Most MT systems have only partially integrated translation memories and glossaries, and have entirely left out assets like style guides and instructions due to their complexity. Yet these materials are essential for upholding quality and brand voice. The challenge has been converting these assets from something only translators could use to a new format that works effectively with AI. Our QM team has worked closely with the research team at Lara, our latest translation AI, to transform quality assets into machine-readable prompts: lengthy style guides are flattened into clear rules focused on voice and purpose, generic rules already captured by memories are removed, and termbases are split into domain-specific sets to manage ambiguity. By converting style guides, instructions, and terminology into prompts, we make brand voice not only visible to the AI but also consistently enforceable at scale. From a quality management perspective, this approach ensures translators can trust Lara as a reliable partner that consistently upholds standards, delivering outputs that are brand-adapted and high-quality.

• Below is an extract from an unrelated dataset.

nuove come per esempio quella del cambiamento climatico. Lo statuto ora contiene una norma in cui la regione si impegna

What are the benefits for translators, PMs, and global brands?
The most important benefit is consistently higher quality outcomes, together with reduced turnaround times by introducing AI across the process. By aligning Lara with professional translators, we ensure that brand voice, accuracy, and terminology are preserved even as volumes and content types expand. Translators immediately receive context-aware suggestions, which reduce cognitive load and allow them to focus on higher-level decisions as guardians of quality rather than repetitive editors. Project managers gain tools to apply style rules and client instructions systematically, acting as quality enablers who scale consistency across accounts. For global brands, this means that quality no longer erodes under pressure: audiences receive content that is accurate, culturally adapted, and consistent with brand voice, even at scale.
About Helen
Helen is Head of Quality Management at Translated and brings 12 years of experience in localization with a background in linguistics. For the past seven years, she has led quality programs for enterprise clients across human and machine translation, focusing on scalable, human-centric solutions. Her recent work centers on refining Quality Estimation models and integrating LLMs into quality workflows, pairing expert linguist review with model improvement. Helen is recognized for empowering translators to thrive alongside AI by enhancing training, optimizing the use of tools, and enhancing outcomes through continuous feedback and collaboration.